There are many advantages to using the pale grass blue butterfly as a model organism (Hiyama et al. 2010, 2013). It is one of the smallest butterflies in Japan. Its forewing size, from the base to the apex, is a little more than 1.0cm. The flying ability of the pale grass blue butterfly is one of the lowest among butterflies, which means that this butterfly does not fly long distances. Its small size, low flying ability, and short life cycle (approximately 1 month) allow researchers to breed hundreds or thousands of individuals in the laboratory to perform rigorous statistical analyses. Furthermore, the overall color pattern of the pale grass blue butterfly, that is, distinguishable black dots against a light gray background, is very simple and amenable to rigorous analysis. The pale grass blue butterfly is likely the most successful, abundant, and common butterfly species in Japan, which means that it is easy to collect in the field. This species of butterfly adapts quickly to various environments. In fact, the pale grass blue butterfly shares living space with humans not only in rural areas but also in highly urbanized areas (Figure 1). It has recently been demonstrated by citizen science data that the pale grass blue butterfly is the most commonly found butterfly in Tokyo (Washitani et al. 2013). Biogeographically, it is found in most places throughout Japan, except Hokkaido (Shirôzu 2000). This popularity is reflected in its Japanese name, Yamato shijimi, meaning the Japanese lycaenid. The pale grass blue butterfly lives on or just above the surface of the ground throughout its life stages because its host plant, Oxalis corniculata (Katabami in Japanese), is small (its height is approximately 10cm). Thus, this butterfly is useful in monitoring ground surface environments and the effects of pollution. Interestingly, this butterfly is monophagous. That is, it eats only a single species of plant, which simplifies the field work, the rearing method, and the interpretation of field and experimental results (Hiyama et al. 2010).

Figure 1.

Urban habitat of the pale grass blue butterfly. Dozens of pale grass blue butterflies, Zizeeria maha, were found on garden flowers. Pictures were taken in Naha, Okinawa, on 28 August 2013. (A) Flower gardens along a sidewalk in the most urbanized area of Okinawa. (B) Flowers of a Helenium cultivar and a garden space that harbors the host plant Oxalis corniculata for the pale grass blue butterfly. This picture show a part of the sidewalk shown in (A). (C and D) An adult butterfly visiting a flower.

Figure 1.

Urban habitat of the pale grass blue butterfly. Dozens of pale grass blue butterflies, Zizeeria maha, were found on garden flowers. Pictures were taken in Naha, Okinawa, on 28 August 2013. (A) Flower gardens along a sidewalk in the most urbanized area of Okinawa. (B) Flowers of a Helenium cultivar and a garden space that harbors the host plant Oxalis corniculata for the pale grass blue butterfly. This picture show a part of the sidewalk shown in (A). (C and D) An adult butterfly visiting a flower.

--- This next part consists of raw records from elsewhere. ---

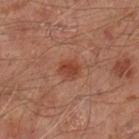Impression:
Part of a total-body skin-imaging series; this lesion was reviewed on a skin check and was not flagged for biopsy.
Context:
The lesion is on the left lower leg. Captured under cross-polarized illumination. Automated tile analysis of the lesion measured roughly 9 lightness units darker than nearby skin and a lesion-to-skin contrast of about 7.5 (normalized; higher = more distinct). And it measured a nevus-likeness score of about 80/100. Measured at roughly 2.5 mm in maximum diameter. A male subject, roughly 65 years of age. Cropped from a total-body skin-imaging series; the visible field is about 15 mm.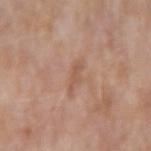lighting = white-light | lesion size = about 3 mm | patient = female, aged 68–72 | imaging modality = total-body-photography crop, ~15 mm field of view | site = the left forearm.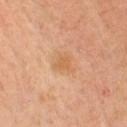The lesion was tiled from a total-body skin photograph and was not biopsied. The patient is a female aged 38 to 42. From the chest. Automated tile analysis of the lesion measured an eccentricity of roughly 0.4 and a symmetry-axis asymmetry near 0.4. And it measured a lesion–skin lightness drop of about 6. The analysis additionally found a border-irregularity rating of about 4/10, a color-variation rating of about 1/10, and peripheral color asymmetry of about 0.5. A close-up tile cropped from a whole-body skin photograph, about 15 mm across.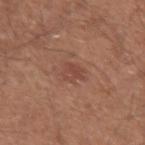This lesion was catalogued during total-body skin photography and was not selected for biopsy. Approximately 2.5 mm at its widest. A male subject, approximately 55 years of age. The lesion is on the left upper arm. The tile uses white-light illumination. Cropped from a total-body skin-imaging series; the visible field is about 15 mm.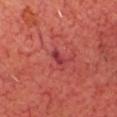{"biopsy_status": "not biopsied; imaged during a skin examination", "site": "head or neck", "image": {"source": "total-body photography crop", "field_of_view_mm": 15}, "lighting": "cross-polarized", "patient": {"sex": "male", "age_approx": 70}, "lesion_size": {"long_diameter_mm_approx": 2.5}, "automated_metrics": {"area_mm2_approx": 3.0, "eccentricity": 0.85, "shape_asymmetry": 0.3}}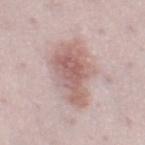<tbp_lesion>
<biopsy_status>not biopsied; imaged during a skin examination</biopsy_status>
<automated_metrics>
  <area_mm2_approx>21.0</area_mm2_approx>
  <eccentricity>0.85</eccentricity>
  <shape_asymmetry>0.3</shape_asymmetry>
  <border_irregularity_0_10>4.0</border_irregularity_0_10>
  <color_variation_0_10>4.5</color_variation_0_10>
  <peripheral_color_asymmetry>1.5</peripheral_color_asymmetry>
</automated_metrics>
<site>right thigh</site>
<patient>
  <sex>female</sex>
  <age_approx>30</age_approx>
</patient>
<lighting>white-light</lighting>
<lesion_size>
  <long_diameter_mm_approx>7.5</long_diameter_mm_approx>
</lesion_size>
<image>
  <source>total-body photography crop</source>
  <field_of_view_mm>15</field_of_view_mm>
</image>
</tbp_lesion>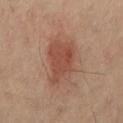acquisition — total-body-photography crop, ~15 mm field of view
anatomic site — the back
lighting — cross-polarized
patient — male, approximately 60 years of age
image-analysis metrics — a mean CIELAB color near L≈44 a*≈21 b*≈27, a lesion–skin lightness drop of about 9, and a lesion-to-skin contrast of about 7 (normalized; higher = more distinct); a classifier nevus-likeness of about 100/100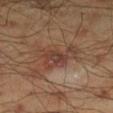Image and clinical context:
Imaged with cross-polarized lighting. A male patient, in their mid-40s. Cropped from a total-body skin-imaging series; the visible field is about 15 mm. Approximately 5.5 mm at its widest. Automated image analysis of the tile measured an area of roughly 12 mm², an outline eccentricity of about 0.8 (0 = round, 1 = elongated), and a shape-asymmetry score of about 0.45 (0 = symmetric). The software also gave a mean CIELAB color near L≈40 a*≈19 b*≈26 and a normalized border contrast of about 7. The analysis additionally found a lesion-detection confidence of about 100/100. From the right lower leg.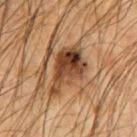<record>
<automated_metrics>
  <area_mm2_approx>15.0</area_mm2_approx>
  <eccentricity>0.75</eccentricity>
  <shape_asymmetry>0.35</shape_asymmetry>
  <vs_skin_darker_L>13.0</vs_skin_darker_L>
  <border_irregularity_0_10>4.0</border_irregularity_0_10>
  <color_variation_0_10>8.5</color_variation_0_10>
  <peripheral_color_asymmetry>3.0</peripheral_color_asymmetry>
  <nevus_likeness_0_100>15</nevus_likeness_0_100>
  <lesion_detection_confidence_0_100>95</lesion_detection_confidence_0_100>
</automated_metrics>
<patient>
  <sex>male</sex>
  <age_approx>65</age_approx>
</patient>
<lighting>cross-polarized</lighting>
<site>right upper arm</site>
<image>
  <source>total-body photography crop</source>
  <field_of_view_mm>15</field_of_view_mm>
</image>
</record>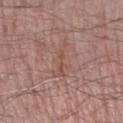<record>
  <biopsy_status>not biopsied; imaged during a skin examination</biopsy_status>
  <site>right forearm</site>
  <image>
    <source>total-body photography crop</source>
    <field_of_view_mm>15</field_of_view_mm>
  </image>
  <patient>
    <sex>male</sex>
    <age_approx>70</age_approx>
  </patient>
</record>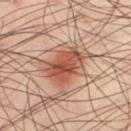A male subject, roughly 40 years of age.
A region of skin cropped from a whole-body photographic capture, roughly 15 mm wide.
On the leg.
The tile uses cross-polarized illumination.
The total-body-photography lesion software estimated a lesion area of about 17 mm², a shape eccentricity near 0.55, and a symmetry-axis asymmetry near 0.3. And it measured a border-irregularity rating of about 4.5/10, a color-variation rating of about 6.5/10, and a peripheral color-asymmetry measure near 2. The analysis additionally found a nevus-likeness score of about 100/100 and a lesion-detection confidence of about 100/100.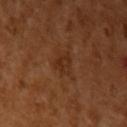workup = no biopsy performed (imaged during a skin exam)
automated lesion analysis = a lesion area of about 4.5 mm² and a shape eccentricity near 0.6; a mean CIELAB color near L≈30 a*≈22 b*≈32 and roughly 6 lightness units darker than nearby skin; border irregularity of about 3.5 on a 0–10 scale
patient = female, roughly 55 years of age
tile lighting = cross-polarized
lesion size = ≈3 mm
anatomic site = the left upper arm
image = ~15 mm tile from a whole-body skin photo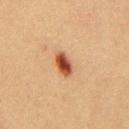This lesion was catalogued during total-body skin photography and was not selected for biopsy.
Captured under cross-polarized illumination.
The total-body-photography lesion software estimated an outline eccentricity of about 0.8 (0 = round, 1 = elongated) and a shape-asymmetry score of about 0.2 (0 = symmetric). The software also gave a border-irregularity rating of about 2/10, a within-lesion color-variation index near 5/10, and peripheral color asymmetry of about 1.5.
A 15 mm close-up extracted from a 3D total-body photography capture.
The patient is a male aged 38–42.
The recorded lesion diameter is about 3 mm.
The lesion is on the chest.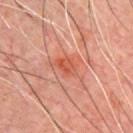follow-up: no biopsy performed (imaged during a skin exam)
site: the front of the torso
diameter: about 2.5 mm
patient: male, about 45 years old
image: 15 mm crop, total-body photography
TBP lesion metrics: a border-irregularity rating of about 2/10, a within-lesion color-variation index near 3.5/10, and peripheral color asymmetry of about 1; a nevus-likeness score of about 35/100
tile lighting: cross-polarized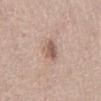Part of a total-body skin-imaging series; this lesion was reviewed on a skin check and was not flagged for biopsy.
Located on the right lower leg.
A female subject in their mid-60s.
The tile uses white-light illumination.
The lesion-visualizer software estimated an area of roughly 4.5 mm² and an eccentricity of roughly 0.75. And it measured roughly 11 lightness units darker than nearby skin and a normalized lesion–skin contrast near 7.5. The analysis additionally found a border-irregularity rating of about 3/10, internal color variation of about 4 on a 0–10 scale, and radial color variation of about 1. The analysis additionally found a classifier nevus-likeness of about 35/100 and a lesion-detection confidence of about 100/100.
Measured at roughly 3 mm in maximum diameter.
A 15 mm close-up tile from a total-body photography series done for melanoma screening.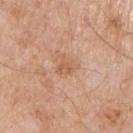The lesion was photographed on a routine skin check and not biopsied; there is no pathology result.
The patient is a male aged 63 to 67.
On the left upper arm.
Longest diameter approximately 2.5 mm.
Cropped from a whole-body photographic skin survey; the tile spans about 15 mm.
An algorithmic analysis of the crop reported a lesion area of about 4.5 mm² and an eccentricity of roughly 0.35.
Imaged with white-light lighting.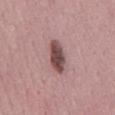{"biopsy_status": "not biopsied; imaged during a skin examination", "lesion_size": {"long_diameter_mm_approx": 5.0}, "automated_metrics": {"border_irregularity_0_10": 3.0, "color_variation_0_10": 4.0, "peripheral_color_asymmetry": 1.0, "nevus_likeness_0_100": 100, "lesion_detection_confidence_0_100": 100}, "patient": {"sex": "male", "age_approx": 50}, "site": "mid back", "lighting": "white-light", "image": {"source": "total-body photography crop", "field_of_view_mm": 15}}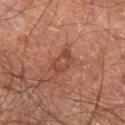Clinical impression: Imaged during a routine full-body skin examination; the lesion was not biopsied and no histopathology is available. Acquisition and patient details: Cropped from a total-body skin-imaging series; the visible field is about 15 mm. The total-body-photography lesion software estimated a lesion area of about 6 mm², an eccentricity of roughly 0.75, and two-axis asymmetry of about 0.25. The analysis additionally found a border-irregularity rating of about 2.5/10. A male subject, aged around 60. Longest diameter approximately 3.5 mm. The lesion is located on the right leg.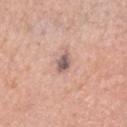Q: Was a biopsy performed?
A: catalogued during a skin exam; not biopsied
Q: What lighting was used for the tile?
A: white-light
Q: Lesion location?
A: the head or neck
Q: What is the lesion's diameter?
A: ≈3 mm
Q: What kind of image is this?
A: ~15 mm tile from a whole-body skin photo
Q: What are the patient's age and sex?
A: female, aged 43 to 47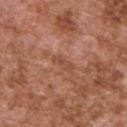Recorded during total-body skin imaging; not selected for excision or biopsy. The tile uses white-light illumination. A 15 mm close-up extracted from a 3D total-body photography capture. The lesion is on the upper back. An algorithmic analysis of the crop reported an area of roughly 2.5 mm², a shape eccentricity near 0.9, and a shape-asymmetry score of about 0.45 (0 = symmetric). It also reported a border-irregularity rating of about 5.5/10, a color-variation rating of about 0/10, and peripheral color asymmetry of about 0. The software also gave an automated nevus-likeness rating near 0 out of 100. The patient is a male aged around 75. Approximately 3 mm at its widest.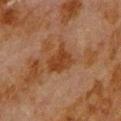A male subject, aged around 80. From the upper back. A region of skin cropped from a whole-body photographic capture, roughly 15 mm wide. An algorithmic analysis of the crop reported a footprint of about 7.5 mm², a shape eccentricity near 0.3, and two-axis asymmetry of about 0.35. It also reported a mean CIELAB color near L≈31 a*≈19 b*≈30 and roughly 7 lightness units darker than nearby skin. And it measured border irregularity of about 3.5 on a 0–10 scale, a color-variation rating of about 2.5/10, and a peripheral color-asymmetry measure near 1. The analysis additionally found a nevus-likeness score of about 0/100 and a lesion-detection confidence of about 100/100. Measured at roughly 3.5 mm in maximum diameter.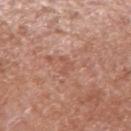Impression:
Captured during whole-body skin photography for melanoma surveillance; the lesion was not biopsied.
Image and clinical context:
Approximately 3 mm at its widest. The tile uses white-light illumination. On the arm. A 15 mm close-up extracted from a 3D total-body photography capture. The patient is a male in their mid- to late 60s. An algorithmic analysis of the crop reported a lesion area of about 2.5 mm², an eccentricity of roughly 0.85, and a symmetry-axis asymmetry near 0.65. It also reported a mean CIELAB color near L≈54 a*≈23 b*≈29, a lesion–skin lightness drop of about 6, and a normalized lesion–skin contrast near 4.5. The software also gave a border-irregularity index near 6.5/10, a within-lesion color-variation index near 0/10, and peripheral color asymmetry of about 0. It also reported a nevus-likeness score of about 0/100 and lesion-presence confidence of about 85/100.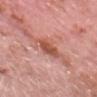The lesion was tiled from a total-body skin photograph and was not biopsied.
The total-body-photography lesion software estimated a lesion color around L≈54 a*≈28 b*≈30 in CIELAB, a lesion–skin lightness drop of about 11, and a normalized lesion–skin contrast near 8.
The patient is a male in their 80s.
On the head or neck.
A close-up tile cropped from a whole-body skin photograph, about 15 mm across.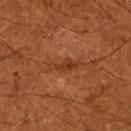Impression:
No biopsy was performed on this lesion — it was imaged during a full skin examination and was not determined to be concerning.
Clinical summary:
A roughly 15 mm field-of-view crop from a total-body skin photograph. Automated image analysis of the tile measured roughly 7 lightness units darker than nearby skin and a lesion-to-skin contrast of about 6.5 (normalized; higher = more distinct). And it measured a border-irregularity index near 4.5/10, internal color variation of about 2 on a 0–10 scale, and peripheral color asymmetry of about 0.5. Longest diameter approximately 4.5 mm. Imaged with cross-polarized lighting. On the leg. The subject is a male approximately 65 years of age.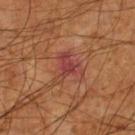notes: total-body-photography surveillance lesion; no biopsy
subject: male, aged 58 to 62
image: ~15 mm crop, total-body skin-cancer survey
site: the left lower leg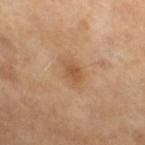workup: catalogued during a skin exam; not biopsied | image source: total-body-photography crop, ~15 mm field of view | lighting: cross-polarized | size: ~3 mm (longest diameter) | TBP lesion metrics: a lesion color around L≈51 a*≈20 b*≈35 in CIELAB, about 8 CIELAB-L* units darker than the surrounding skin, and a normalized lesion–skin contrast near 6.5 | patient: male, aged around 65.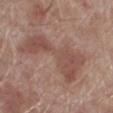Captured during whole-body skin photography for melanoma surveillance; the lesion was not biopsied. A close-up tile cropped from a whole-body skin photograph, about 15 mm across. On the left lower leg. The subject is a male aged 68 to 72.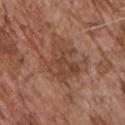follow-up: no biopsy performed (imaged during a skin exam) | automated lesion analysis: a shape-asymmetry score of about 0.35 (0 = symmetric); an average lesion color of about L≈44 a*≈21 b*≈29 (CIELAB), a lesion–skin lightness drop of about 7, and a normalized lesion–skin contrast near 6; a border-irregularity index near 4.5/10 and peripheral color asymmetry of about 1.5; a nevus-likeness score of about 0/100 and lesion-presence confidence of about 95/100 | subject: male, roughly 70 years of age | image source: ~15 mm tile from a whole-body skin photo | site: the chest.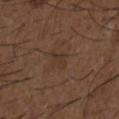A male subject, aged 48 to 52. On the chest. This is a white-light tile. Automated tile analysis of the lesion measured an outline eccentricity of about 0.7 (0 = round, 1 = elongated). Cropped from a whole-body photographic skin survey; the tile spans about 15 mm. The recorded lesion diameter is about 2.5 mm.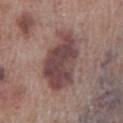Recorded during total-body skin imaging; not selected for excision or biopsy. A male subject aged 68 to 72. An algorithmic analysis of the crop reported an average lesion color of about L≈44 a*≈19 b*≈19 (CIELAB), about 12 CIELAB-L* units darker than the surrounding skin, and a normalized lesion–skin contrast near 9.5. The analysis additionally found border irregularity of about 3 on a 0–10 scale, a within-lesion color-variation index near 4.5/10, and radial color variation of about 1.5. And it measured an automated nevus-likeness rating near 0 out of 100 and a lesion-detection confidence of about 95/100. A 15 mm close-up tile from a total-body photography series done for melanoma screening. Approximately 7.5 mm at its widest. Captured under white-light illumination. On the leg.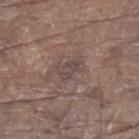{"biopsy_status": "not biopsied; imaged during a skin examination", "automated_metrics": {"cielab_L": 44, "cielab_a": 14, "cielab_b": 19, "vs_skin_darker_L": 6.0, "vs_skin_contrast_norm": 5.5, "nevus_likeness_0_100": 0, "lesion_detection_confidence_0_100": 65}, "site": "left lower leg", "patient": {"sex": "male", "age_approx": 80}, "lighting": "white-light", "image": {"source": "total-body photography crop", "field_of_view_mm": 15}}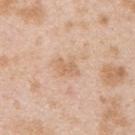Clinical impression: Captured during whole-body skin photography for melanoma surveillance; the lesion was not biopsied. Acquisition and patient details: This is a white-light tile. A male patient approximately 25 years of age. Longest diameter approximately 2.5 mm. A roughly 15 mm field-of-view crop from a total-body skin photograph. Automated image analysis of the tile measured a mean CIELAB color near L≈65 a*≈19 b*≈34, a lesion–skin lightness drop of about 8, and a normalized border contrast of about 5.5. From the upper back.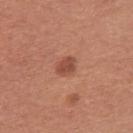Impression:
Captured during whole-body skin photography for melanoma surveillance; the lesion was not biopsied.
Context:
Captured under white-light illumination. A female patient, aged 48 to 52. On the upper back. Longest diameter approximately 2.5 mm. A 15 mm crop from a total-body photograph taken for skin-cancer surveillance.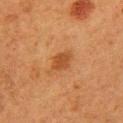Clinical impression: Imaged during a routine full-body skin examination; the lesion was not biopsied and no histopathology is available. Image and clinical context: Measured at roughly 3 mm in maximum diameter. The lesion is on the chest. The subject is a female approximately 50 years of age. Captured under cross-polarized illumination. Cropped from a whole-body photographic skin survey; the tile spans about 15 mm.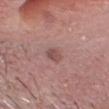Context:
Automated tile analysis of the lesion measured an eccentricity of roughly 0.8 and a shape-asymmetry score of about 0.2 (0 = symmetric). And it measured a border-irregularity rating of about 2/10 and a color-variation rating of about 1.5/10. The lesion is on the head or neck. Cropped from a whole-body photographic skin survey; the tile spans about 15 mm. A male patient aged 58 to 62. Captured under white-light illumination. Longest diameter approximately 2.5 mm.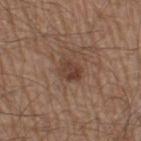Captured during whole-body skin photography for melanoma surveillance; the lesion was not biopsied.
An algorithmic analysis of the crop reported an outline eccentricity of about 0.65 (0 = round, 1 = elongated) and two-axis asymmetry of about 0.2. The software also gave a mean CIELAB color near L≈40 a*≈18 b*≈26, about 8 CIELAB-L* units darker than the surrounding skin, and a lesion-to-skin contrast of about 7 (normalized; higher = more distinct). The software also gave a classifier nevus-likeness of about 20/100 and lesion-presence confidence of about 100/100.
The subject is a male aged around 60.
The lesion is on the left thigh.
Longest diameter approximately 3 mm.
A lesion tile, about 15 mm wide, cut from a 3D total-body photograph.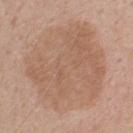Q: Was this lesion biopsied?
A: catalogued during a skin exam; not biopsied
Q: Patient demographics?
A: female, aged 53–57
Q: What is the imaging modality?
A: 15 mm crop, total-body photography
Q: Lesion location?
A: the back
Q: How large is the lesion?
A: about 10 mm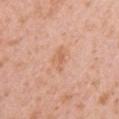The lesion is located on the right upper arm.
Cropped from a total-body skin-imaging series; the visible field is about 15 mm.
A female patient about 40 years old.
The tile uses white-light illumination.
Automated image analysis of the tile measured a lesion color around L≈63 a*≈23 b*≈35 in CIELAB and about 7 CIELAB-L* units darker than the surrounding skin. It also reported a border-irregularity index near 4/10 and a peripheral color-asymmetry measure near 0.5.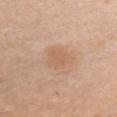| field | value |
|---|---|
| biopsy status | catalogued during a skin exam; not biopsied |
| patient | female, roughly 60 years of age |
| body site | the chest |
| lesion size | about 3.5 mm |
| image source | total-body-photography crop, ~15 mm field of view |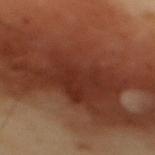<lesion>
<biopsy_status>not biopsied; imaged during a skin examination</biopsy_status>
<patient>
  <sex>male</sex>
  <age_approx>55</age_approx>
</patient>
<image>
  <source>total-body photography crop</source>
  <field_of_view_mm>15</field_of_view_mm>
</image>
<automated_metrics>
  <area_mm2_approx>115.0</area_mm2_approx>
  <eccentricity>0.9</eccentricity>
  <shape_asymmetry>0.2</shape_asymmetry>
  <border_irregularity_0_10>5.0</border_irregularity_0_10>
  <color_variation_0_10>5.5</color_variation_0_10>
  <peripheral_color_asymmetry>1.5</peripheral_color_asymmetry>
</automated_metrics>
<site>mid back</site>
</lesion>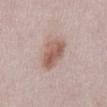– biopsy status — catalogued during a skin exam; not biopsied
– body site — the abdomen
– lesion size — ~4 mm (longest diameter)
– patient — female, in their 50s
– tile lighting — white-light
– image — ~15 mm crop, total-body skin-cancer survey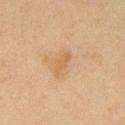The lesion was tiled from a total-body skin photograph and was not biopsied. Approximately 2.5 mm at its widest. A 15 mm crop from a total-body photograph taken for skin-cancer surveillance. A female patient in their 40s. Captured under cross-polarized illumination. From the chest.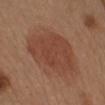Imaged during a routine full-body skin examination; the lesion was not biopsied and no histopathology is available. About 7 mm across. The lesion-visualizer software estimated a nevus-likeness score of about 95/100 and a lesion-detection confidence of about 100/100. On the chest. A female subject aged approximately 40. A 15 mm close-up extracted from a 3D total-body photography capture. Captured under white-light illumination.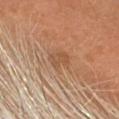Impression:
The lesion was photographed on a routine skin check and not biopsied; there is no pathology result.
Background:
Located on the head or neck. The recorded lesion diameter is about 3 mm. The tile uses cross-polarized illumination. A male subject, approximately 65 years of age. Cropped from a total-body skin-imaging series; the visible field is about 15 mm.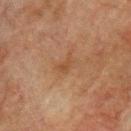Recorded during total-body skin imaging; not selected for excision or biopsy.
About 2.5 mm across.
A male patient aged 73 to 77.
The lesion-visualizer software estimated a shape eccentricity near 0.85 and a symmetry-axis asymmetry near 0.55. It also reported about 5 CIELAB-L* units darker than the surrounding skin and a normalized lesion–skin contrast near 5.5. The software also gave a border-irregularity index near 5.5/10, a color-variation rating of about 0.5/10, and peripheral color asymmetry of about 0. It also reported an automated nevus-likeness rating near 0 out of 100.
The lesion is on the front of the torso.
A 15 mm close-up extracted from a 3D total-body photography capture.
Imaged with cross-polarized lighting.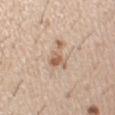Clinical impression: The lesion was photographed on a routine skin check and not biopsied; there is no pathology result. Context: The total-body-photography lesion software estimated a mean CIELAB color near L≈61 a*≈17 b*≈30, roughly 10 lightness units darker than nearby skin, and a normalized lesion–skin contrast near 7. It also reported a border-irregularity rating of about 7/10 and a peripheral color-asymmetry measure near 1.5. And it measured a nevus-likeness score of about 5/100. Captured under white-light illumination. Longest diameter approximately 4.5 mm. Located on the right upper arm. A male patient, about 60 years old. This image is a 15 mm lesion crop taken from a total-body photograph.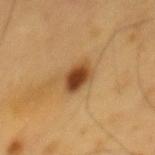Q: Was this lesion biopsied?
A: no biopsy performed (imaged during a skin exam)
Q: What is the lesion's diameter?
A: ~3.5 mm (longest diameter)
Q: How was the tile lit?
A: cross-polarized
Q: Lesion location?
A: the mid back
Q: How was this image acquired?
A: ~15 mm tile from a whole-body skin photo
Q: Patient demographics?
A: male, aged 58–62
Q: What did automated image analysis measure?
A: a lesion color around L≈45 a*≈22 b*≈38 in CIELAB and a lesion–skin lightness drop of about 16; border irregularity of about 2 on a 0–10 scale, internal color variation of about 5 on a 0–10 scale, and radial color variation of about 2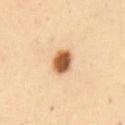The lesion was photographed on a routine skin check and not biopsied; there is no pathology result.
The lesion's longest dimension is about 2.5 mm.
On the abdomen.
This is a cross-polarized tile.
A female subject, about 50 years old.
A 15 mm close-up extracted from a 3D total-body photography capture.
An algorithmic analysis of the crop reported a lesion color around L≈50 a*≈19 b*≈35 in CIELAB, a lesion–skin lightness drop of about 18, and a normalized border contrast of about 12.5. The software also gave internal color variation of about 3.5 on a 0–10 scale.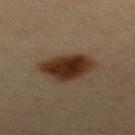<lesion>
  <biopsy_status>not biopsied; imaged during a skin examination</biopsy_status>
  <automated_metrics>
    <vs_skin_darker_L>13.0</vs_skin_darker_L>
    <border_irregularity_0_10>2.5</border_irregularity_0_10>
    <color_variation_0_10>4.0</color_variation_0_10>
    <peripheral_color_asymmetry>1.0</peripheral_color_asymmetry>
  </automated_metrics>
  <patient>
    <sex>female</sex>
    <age_approx>45</age_approx>
  </patient>
  <lighting>cross-polarized</lighting>
  <lesion_size>
    <long_diameter_mm_approx>5.5</long_diameter_mm_approx>
  </lesion_size>
  <image>
    <source>total-body photography crop</source>
    <field_of_view_mm>15</field_of_view_mm>
  </image>
  <site>upper back</site>
</lesion>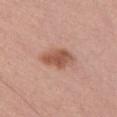Impression:
This lesion was catalogued during total-body skin photography and was not selected for biopsy.
Clinical summary:
A 15 mm crop from a total-body photograph taken for skin-cancer surveillance. Located on the chest. Measured at roughly 5 mm in maximum diameter. Automated tile analysis of the lesion measured a border-irregularity rating of about 2/10 and radial color variation of about 1. Captured under white-light illumination. A female patient, in their mid-30s.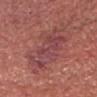This lesion was catalogued during total-body skin photography and was not selected for biopsy.
Longest diameter approximately 7.5 mm.
Automated tile analysis of the lesion measured border irregularity of about 8 on a 0–10 scale, internal color variation of about 5.5 on a 0–10 scale, and peripheral color asymmetry of about 2. And it measured a classifier nevus-likeness of about 0/100 and a detector confidence of about 95 out of 100 that the crop contains a lesion.
A roughly 15 mm field-of-view crop from a total-body skin photograph.
Located on the head or neck.
A male patient about 65 years old.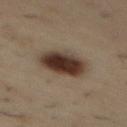Clinical impression:
The lesion was photographed on a routine skin check and not biopsied; there is no pathology result.
Image and clinical context:
The patient is a male in their mid- to late 50s. A roughly 15 mm field-of-view crop from a total-body skin photograph. Automated tile analysis of the lesion measured a mean CIELAB color near L≈34 a*≈14 b*≈22, a lesion–skin lightness drop of about 16, and a normalized border contrast of about 13.5. And it measured a border-irregularity index near 1.5/10, a within-lesion color-variation index near 7.5/10, and peripheral color asymmetry of about 2. On the back. Measured at roughly 5.5 mm in maximum diameter. Captured under cross-polarized illumination.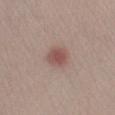site = the left lower leg
subject = female, about 25 years old
image = ~15 mm crop, total-body skin-cancer survey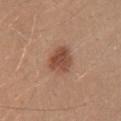Case summary:
• notes · catalogued during a skin exam; not biopsied
• lesion diameter · about 3.5 mm
• lighting · white-light
• subject · male, about 30 years old
• image source · ~15 mm tile from a whole-body skin photo
• anatomic site · the mid back
• automated metrics · an average lesion color of about L≈48 a*≈22 b*≈29 (CIELAB), about 12 CIELAB-L* units darker than the surrounding skin, and a normalized lesion–skin contrast near 8.5; a border-irregularity index near 2/10, a within-lesion color-variation index near 3.5/10, and a peripheral color-asymmetry measure near 1; an automated nevus-likeness rating near 95 out of 100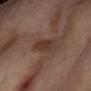Part of a total-body skin-imaging series; this lesion was reviewed on a skin check and was not flagged for biopsy.
A female subject aged approximately 55.
This is a cross-polarized tile.
About 4 mm across.
Cropped from a whole-body photographic skin survey; the tile spans about 15 mm.
Located on the abdomen.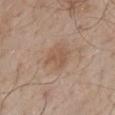Assessment:
Imaged during a routine full-body skin examination; the lesion was not biopsied and no histopathology is available.
Acquisition and patient details:
An algorithmic analysis of the crop reported a border-irregularity index near 3.5/10, internal color variation of about 2 on a 0–10 scale, and peripheral color asymmetry of about 0.5. And it measured an automated nevus-likeness rating near 30 out of 100 and a detector confidence of about 100 out of 100 that the crop contains a lesion. The lesion is on the mid back. A lesion tile, about 15 mm wide, cut from a 3D total-body photograph. Captured under white-light illumination. About 3 mm across. A male patient, about 55 years old.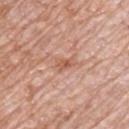<case>
  <biopsy_status>not biopsied; imaged during a skin examination</biopsy_status>
  <patient>
    <sex>male</sex>
    <age_approx>70</age_approx>
  </patient>
  <image>
    <source>total-body photography crop</source>
    <field_of_view_mm>15</field_of_view_mm>
  </image>
  <site>front of the torso</site>
</case>

On the other hand, there may be some disadvantages at present to using this butterfly species as a model organism. First, there is no established pure line available, and hence, genetic results from crossing experiments may be variable and may not show a simple Mendelian inheritance (Hiyama et al. 2010; Iwata et al. 2013). Our crossing experiments suggest that it is not easy to establish a pure line in this species (Hiyama et al. 2010; Iwata et al. 2013). Second, almost no molecular data are yet available for this species. However, this could be addressed by genome sequencing of this butterfly species in the future. Fortunately, a few butterfly genomes have already been sequenced (Zhan et al. 2011; The Heliconius Genome Consortium 2012), and the information obtained from these butterfly genomes may be of use in sequencing the genome of the pale grass blue butterfly.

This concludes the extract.